Midshipman Roarke Baldwin was perusing books on the first floor of Border's at Westfield Annapolis mall, waiting for the next showing of the new James Bond flick, when he heard the pops, 13 in all.
Then he heard the screaming, as parents called for their children and hundreds rushed from the food court to nearby exits.
He called his friends and told them not to come to the mall because something was wrong, then, almost in a daze, he says, he sprinted toward the chaos and found a man lying on his back with a gunshot wound to the right thigh.

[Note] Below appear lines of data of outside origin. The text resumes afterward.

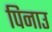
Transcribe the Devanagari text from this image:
पिनाउ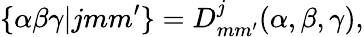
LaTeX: \{ \alpha\beta\gamma|jmm^{\prime}\} =D_{mm^{\prime}}^{j}(\alpha,\beta,\gamma),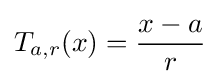
T_{a,r}(x)={\frac {x-a}{r}}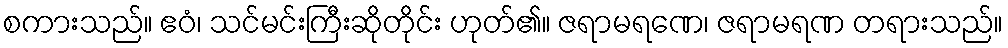
စကားသည်။ ဧဝံ၊ သင်မင်းကြီးဆိုတိုင်း ဟုတ်၏။ ဇရာမရဏေ၊ ဇရာမရဏ တရားသည်။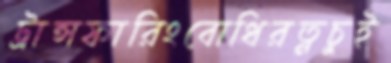
ট্রান্সফারিংবোধিরত্নচুই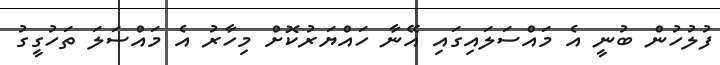
ފުލުހުން ބުނީ އެ މައްސަލައިގައި އޭނާ ހައްޔަރުކޮށް މިހާރު އެ މައްސަލަ ތަހުގީގު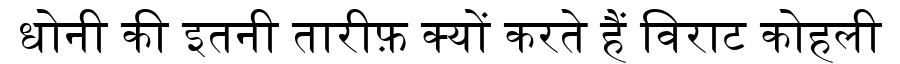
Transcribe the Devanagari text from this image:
धोनी की इतनी तारीफ़ क्यों करते हैं विराट कोहली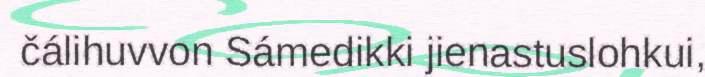
čálihuvvon Sámedikki jienastuslohkui,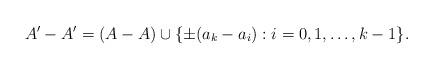
LaTeX: \begin{align*}A'-A' = (A-A) \cup \{ \pm(a_k - a_i) :i=0,1,\ldots, k-1 \}.\end{align*}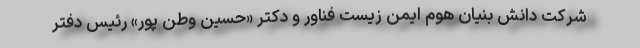
شرکت دانش بنیان هوم ایمن زیست فناور و دکتر «حسین وطن پور» رئیس دفتر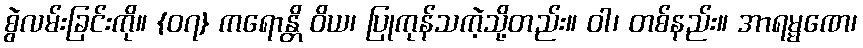
စွဲလမ်းခြင်းကို။ {၀၇} ကရောန္တိ ဝိယ၊ ပြုကုန်သကဲ့သို့တည်း။ ဝါ၊ တစ်နည်း။ အာရမ္မဏေ၊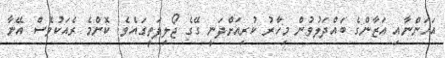
އަހަންނާއި އަޒާންގެ ބައްދަލުވުން މިހާރު ކުރިއަށްދަނީ ގޭގެ ޖޯލިފަތީގައެވެ. ކޮންމެ ރެއަކުވެސް އޭނާ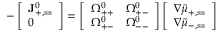
- \left[ \begin{array} { l } { \mathbf { J } _ { + , \ensuremath { \mathrm { s s } } } ^ { 0 } } \\ { 0 } \end{array} \right] = \left[ \begin{array} { l l } { \Omega _ { + + } ^ { 0 } } & { \Omega _ { + - } ^ { 0 } } \\ { \Omega _ { + - } ^ { 0 } } & { \Omega _ { -- } ^ { 0 } } \end{array} \right] \left[ \begin{array} { l } { \nabla \tilde { \mu } _ { + , \ensuremath { \mathrm { s s } } } } \\ { \nabla \tilde { \mu } _ { - , \ensuremath { \mathrm { s s } } } } \end{array} \right]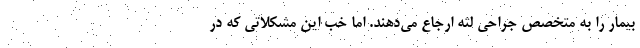
بیمار را به متخصص جراحی لثه ارجاع می‌دهند. اما خب این مشکلاتی که در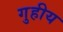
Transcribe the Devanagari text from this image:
गुहीय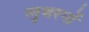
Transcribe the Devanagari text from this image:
लूथरनों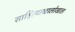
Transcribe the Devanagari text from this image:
साहित्याखालोखाल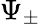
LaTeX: \Psi_{\pm}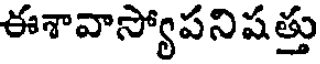
ఈశావాస్యోపనిషత్తు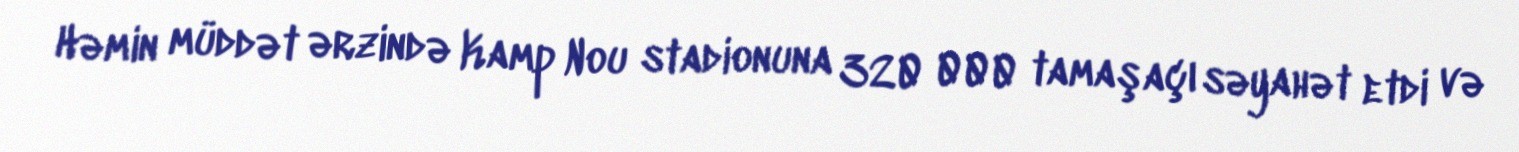
Həmin müddət ərzində Kamp Nou stadionuna 320 000 tamaşaçı səyahət etdi və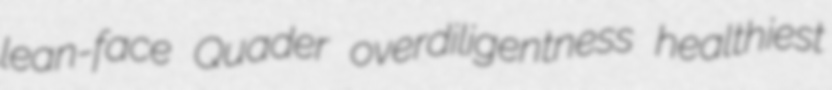
lean-face Quader overdiligentness healthiest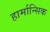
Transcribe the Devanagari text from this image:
हार्मान्सिक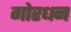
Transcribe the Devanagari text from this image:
गोरधन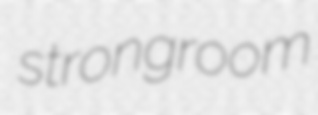
strongroom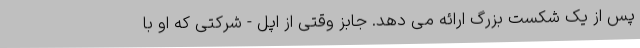
پس از یک شکست بزرگ ارائه می دهد. جابز وقتی از اپل - شرکتی که او با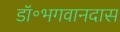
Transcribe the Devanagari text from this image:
डॉ॰भगवानदास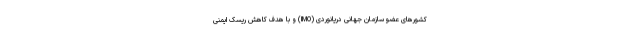
کشورهای عضو سازمان جهانی دریانوردی (IMO) و با هدف کاهش ریسک ایمنی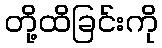
တို့ထိခြင်းကို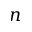
n

A 19-year-old Eagle Scout from Florence, Mont., Baldwin applied pressure to the man's wound, finding out later that he was an off-duty Secret Service agent who had been shot while trying to break up a fight in the food court on a bustling Saturday night.
Baldwin's help allowed the agent to maintain control of a wounded suspect, who was later arrested and charged in the shootings.
Yesterday, two months later, Baldwin was awarded the Navy and Marine Corps Achievement Medal for his actions.
"That's the quality of young men and women that represent the U.S. Naval Academy," said the agent, who asked not to be identified because of the nature of his work. "He's a phenomenal young man. The vast majority of people in the mall didn't do anything."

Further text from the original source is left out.